Mr. Jensen, the problem of universals is usually a heavily obfuscated issue. So, pardon me if my post gets too long because it, since the problem of universals cannot be encountered, without clearing up a few more issues.
We have on one side the contradiction between e.g. the general or
abstract “(being) yellow” vs “yellow things”. Most people would have
difficulties recognizing the issue in everyday terms, contrary to
other classical debates with obvious relation to our time (e.g. the
motion of the Sun and the Earth).
First and foremost we must define what it means for something to be abstract in the sense in which philosophers talk of.
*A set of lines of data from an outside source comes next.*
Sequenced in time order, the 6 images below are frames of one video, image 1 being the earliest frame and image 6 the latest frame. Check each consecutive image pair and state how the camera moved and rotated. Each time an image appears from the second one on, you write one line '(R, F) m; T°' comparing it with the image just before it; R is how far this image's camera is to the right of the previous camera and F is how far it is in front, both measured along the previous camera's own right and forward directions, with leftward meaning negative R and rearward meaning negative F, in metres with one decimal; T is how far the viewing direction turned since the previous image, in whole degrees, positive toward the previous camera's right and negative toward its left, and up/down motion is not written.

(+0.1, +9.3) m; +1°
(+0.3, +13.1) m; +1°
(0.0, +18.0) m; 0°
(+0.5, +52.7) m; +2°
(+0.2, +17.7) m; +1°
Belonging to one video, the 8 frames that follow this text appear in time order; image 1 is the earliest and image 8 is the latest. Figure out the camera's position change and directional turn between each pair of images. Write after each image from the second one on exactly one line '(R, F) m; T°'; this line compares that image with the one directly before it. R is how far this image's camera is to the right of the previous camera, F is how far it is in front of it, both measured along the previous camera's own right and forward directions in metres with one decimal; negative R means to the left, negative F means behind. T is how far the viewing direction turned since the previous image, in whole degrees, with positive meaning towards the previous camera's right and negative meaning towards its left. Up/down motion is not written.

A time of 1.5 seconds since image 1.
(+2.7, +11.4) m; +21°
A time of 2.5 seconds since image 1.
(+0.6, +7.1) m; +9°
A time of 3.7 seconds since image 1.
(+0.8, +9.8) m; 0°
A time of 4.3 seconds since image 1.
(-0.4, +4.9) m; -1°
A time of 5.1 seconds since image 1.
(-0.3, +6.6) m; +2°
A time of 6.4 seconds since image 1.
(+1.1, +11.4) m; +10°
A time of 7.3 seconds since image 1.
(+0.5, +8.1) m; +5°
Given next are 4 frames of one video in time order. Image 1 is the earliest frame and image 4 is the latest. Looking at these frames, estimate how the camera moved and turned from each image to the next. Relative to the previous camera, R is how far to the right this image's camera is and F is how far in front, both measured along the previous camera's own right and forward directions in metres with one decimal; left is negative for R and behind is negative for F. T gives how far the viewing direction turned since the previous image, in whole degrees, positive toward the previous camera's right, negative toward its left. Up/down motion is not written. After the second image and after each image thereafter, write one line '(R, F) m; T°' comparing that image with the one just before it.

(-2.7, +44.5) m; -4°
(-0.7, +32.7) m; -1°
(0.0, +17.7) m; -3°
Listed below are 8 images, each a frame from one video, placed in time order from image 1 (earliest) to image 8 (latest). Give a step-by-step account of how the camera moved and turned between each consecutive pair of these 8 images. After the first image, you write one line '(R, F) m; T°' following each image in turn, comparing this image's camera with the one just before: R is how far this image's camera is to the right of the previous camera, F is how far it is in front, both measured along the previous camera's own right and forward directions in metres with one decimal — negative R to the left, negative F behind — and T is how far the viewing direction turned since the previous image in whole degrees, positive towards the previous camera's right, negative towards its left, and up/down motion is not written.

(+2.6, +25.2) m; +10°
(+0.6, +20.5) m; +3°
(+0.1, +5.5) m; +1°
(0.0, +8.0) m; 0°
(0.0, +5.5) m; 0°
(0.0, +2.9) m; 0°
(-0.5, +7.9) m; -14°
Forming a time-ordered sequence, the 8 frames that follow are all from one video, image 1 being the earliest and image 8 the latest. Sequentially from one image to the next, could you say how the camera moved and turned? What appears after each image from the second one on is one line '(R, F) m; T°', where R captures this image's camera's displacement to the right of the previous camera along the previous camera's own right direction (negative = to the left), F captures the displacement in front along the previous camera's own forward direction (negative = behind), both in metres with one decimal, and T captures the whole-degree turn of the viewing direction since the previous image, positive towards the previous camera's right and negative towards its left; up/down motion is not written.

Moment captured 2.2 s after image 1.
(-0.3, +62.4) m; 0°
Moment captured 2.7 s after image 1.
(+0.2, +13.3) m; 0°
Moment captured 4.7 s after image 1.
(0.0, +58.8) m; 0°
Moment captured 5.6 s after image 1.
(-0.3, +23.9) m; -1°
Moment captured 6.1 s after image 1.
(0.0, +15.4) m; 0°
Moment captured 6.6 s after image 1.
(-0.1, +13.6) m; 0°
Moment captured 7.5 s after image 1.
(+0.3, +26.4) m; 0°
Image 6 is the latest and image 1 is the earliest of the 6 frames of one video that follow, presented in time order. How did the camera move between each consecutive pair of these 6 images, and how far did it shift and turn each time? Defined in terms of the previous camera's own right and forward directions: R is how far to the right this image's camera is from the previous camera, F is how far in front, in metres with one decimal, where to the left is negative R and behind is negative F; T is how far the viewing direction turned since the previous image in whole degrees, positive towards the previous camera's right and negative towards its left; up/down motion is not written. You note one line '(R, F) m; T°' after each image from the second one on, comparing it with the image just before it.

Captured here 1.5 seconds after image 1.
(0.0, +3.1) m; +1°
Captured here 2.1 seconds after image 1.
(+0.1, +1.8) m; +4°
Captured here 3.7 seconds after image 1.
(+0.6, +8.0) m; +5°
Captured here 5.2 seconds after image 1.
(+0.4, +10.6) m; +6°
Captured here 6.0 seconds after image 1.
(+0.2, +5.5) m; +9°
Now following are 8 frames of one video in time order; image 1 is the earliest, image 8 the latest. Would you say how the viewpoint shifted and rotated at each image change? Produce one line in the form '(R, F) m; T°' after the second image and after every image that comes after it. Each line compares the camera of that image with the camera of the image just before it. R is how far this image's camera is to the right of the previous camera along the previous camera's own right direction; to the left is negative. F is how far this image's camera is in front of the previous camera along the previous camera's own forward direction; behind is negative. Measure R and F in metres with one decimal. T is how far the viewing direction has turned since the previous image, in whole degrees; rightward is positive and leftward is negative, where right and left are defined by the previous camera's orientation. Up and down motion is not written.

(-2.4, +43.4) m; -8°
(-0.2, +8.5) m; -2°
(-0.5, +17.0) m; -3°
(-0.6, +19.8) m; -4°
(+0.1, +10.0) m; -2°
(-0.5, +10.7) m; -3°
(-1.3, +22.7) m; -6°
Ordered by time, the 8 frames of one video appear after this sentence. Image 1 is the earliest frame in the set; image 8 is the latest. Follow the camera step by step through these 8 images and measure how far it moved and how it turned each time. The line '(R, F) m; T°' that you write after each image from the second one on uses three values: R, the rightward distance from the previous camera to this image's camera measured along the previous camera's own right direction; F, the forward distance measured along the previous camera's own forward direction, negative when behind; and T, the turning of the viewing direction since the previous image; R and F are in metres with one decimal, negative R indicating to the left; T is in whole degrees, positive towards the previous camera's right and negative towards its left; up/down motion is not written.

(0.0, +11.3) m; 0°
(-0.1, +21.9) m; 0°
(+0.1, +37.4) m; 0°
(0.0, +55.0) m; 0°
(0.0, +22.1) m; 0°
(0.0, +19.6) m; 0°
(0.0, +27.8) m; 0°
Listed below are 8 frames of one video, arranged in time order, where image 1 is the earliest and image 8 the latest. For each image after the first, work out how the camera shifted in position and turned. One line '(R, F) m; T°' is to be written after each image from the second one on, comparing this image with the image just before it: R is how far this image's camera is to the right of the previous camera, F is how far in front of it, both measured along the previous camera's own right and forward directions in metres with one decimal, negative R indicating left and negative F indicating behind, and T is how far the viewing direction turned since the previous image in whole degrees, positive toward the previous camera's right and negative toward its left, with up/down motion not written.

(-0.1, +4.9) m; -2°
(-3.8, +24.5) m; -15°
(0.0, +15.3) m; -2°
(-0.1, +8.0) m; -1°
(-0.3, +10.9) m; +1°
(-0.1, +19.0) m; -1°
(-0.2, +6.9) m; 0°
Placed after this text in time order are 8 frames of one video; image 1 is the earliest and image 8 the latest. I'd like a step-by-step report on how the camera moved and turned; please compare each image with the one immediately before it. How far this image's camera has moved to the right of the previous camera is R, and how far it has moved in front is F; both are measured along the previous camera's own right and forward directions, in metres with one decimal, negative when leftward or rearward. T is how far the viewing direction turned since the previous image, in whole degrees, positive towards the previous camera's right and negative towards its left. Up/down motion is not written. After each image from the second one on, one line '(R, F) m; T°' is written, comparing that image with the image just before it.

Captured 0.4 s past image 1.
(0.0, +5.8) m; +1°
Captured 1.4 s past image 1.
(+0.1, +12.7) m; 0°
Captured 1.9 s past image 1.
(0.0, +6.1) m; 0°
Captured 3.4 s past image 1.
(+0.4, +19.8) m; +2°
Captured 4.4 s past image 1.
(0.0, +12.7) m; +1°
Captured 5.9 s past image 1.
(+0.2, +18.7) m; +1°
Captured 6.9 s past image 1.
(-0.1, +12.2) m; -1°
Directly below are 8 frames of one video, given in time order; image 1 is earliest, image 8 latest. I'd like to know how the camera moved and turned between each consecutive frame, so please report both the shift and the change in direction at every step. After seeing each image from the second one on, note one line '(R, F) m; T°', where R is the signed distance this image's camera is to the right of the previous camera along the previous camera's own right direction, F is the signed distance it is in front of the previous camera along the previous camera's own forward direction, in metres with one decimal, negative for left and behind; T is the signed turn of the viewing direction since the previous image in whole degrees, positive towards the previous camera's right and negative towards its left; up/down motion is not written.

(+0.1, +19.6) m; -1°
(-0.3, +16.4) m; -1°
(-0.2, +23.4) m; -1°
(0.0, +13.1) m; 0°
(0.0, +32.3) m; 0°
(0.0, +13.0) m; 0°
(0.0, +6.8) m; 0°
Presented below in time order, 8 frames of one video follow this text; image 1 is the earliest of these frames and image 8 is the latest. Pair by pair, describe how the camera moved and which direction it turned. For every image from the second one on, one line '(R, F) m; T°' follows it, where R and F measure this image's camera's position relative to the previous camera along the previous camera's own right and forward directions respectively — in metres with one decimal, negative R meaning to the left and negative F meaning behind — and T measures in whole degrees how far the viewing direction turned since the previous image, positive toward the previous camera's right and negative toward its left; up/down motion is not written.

1) Non-spatio temporal, i.e. not in space-time.
2) Causally inefficacious.
3) Non-spatio temporal & causally inefficacous.
4) Incomplete objects.
A murderer is led to the place of execution. For the common populace
he is nothing but a murderer. Ladies perhaps remark that he is a
strong, handsome, interesting man. The populace finds this remark
terrible: What? A murderer handsome? How can one think so wickedly and
call a murderer handsome . . . .
This is abstract thinking: to see nothing in the murderer except the
abstract fact that he is a murderer, and to annul all other human
essence in him with this simple quality.
This last one is owed to, and is with the help of Hegel. A man is a lot of things. A husband, a father, a corporate owner, and a murderer. He is not just a murderer simpliciter. To reduce the man to either one of these things, is known as 'abstraction.' For the man is not just a murderer, but a concrete particular which instantiates all those qualities.
Now, the problem of universals can be approached in many ways. But this is the heart of it. Consider two atoms, they have the same spin and charge. When two things agree in attribute, we naturally ask the next question. How can something which is numerically one, run through numerically distinct entities?
Philosophers use the term "numerically" in contrast with "qualitatively." I was given 5 bottles of coca-cola for the party. It won't make a difference if I use the first bottle, or the fourth one. With regard to the quality of it being a cola, at least, there's no problem, since the first bottle and all the other ones are qualitatively identical. By saying that they are the 'same' I mean to say that they are qualitatively the same. If I say that I want a different one, I'm saying I want a numerically different one. However, it won't make any difference whatsoever, with regard to the property of 'being cola.'
If two things are identical in all their respects, then it follows that they are the same (I am not defending the Principle of Constituent identity or Leibniz's Identity of indiscernibles). If two things are qualitatively identical, then it doesn't follow that they the two things are the same. The problem of universals, then, is to account for the pre-analytic datum of how two things agree with each other in attribute. It is in accounting how a numerically one entity runs through numerically distinct particulars.
Since this is such a complex issue, this issue cannot be reduced to any other issues and must be tackled head-on with as much clarity as needed, so trying to reframe the debate which doesn't capture the essence of what's said above will always miss the mark.
Realists believe that this datum can only be accounted by positing entities known as 'universals,' whereas Nominalists either deny such attribute-agreement obtaining and thus see now need to account for any such anomaly. Simply said, you need a theory of properties to solve the problem, and a realist is one who posits that universals obtain in the world, and the nominalist is one who says that they don't obtain in the world, but only in the mind, or some other sort.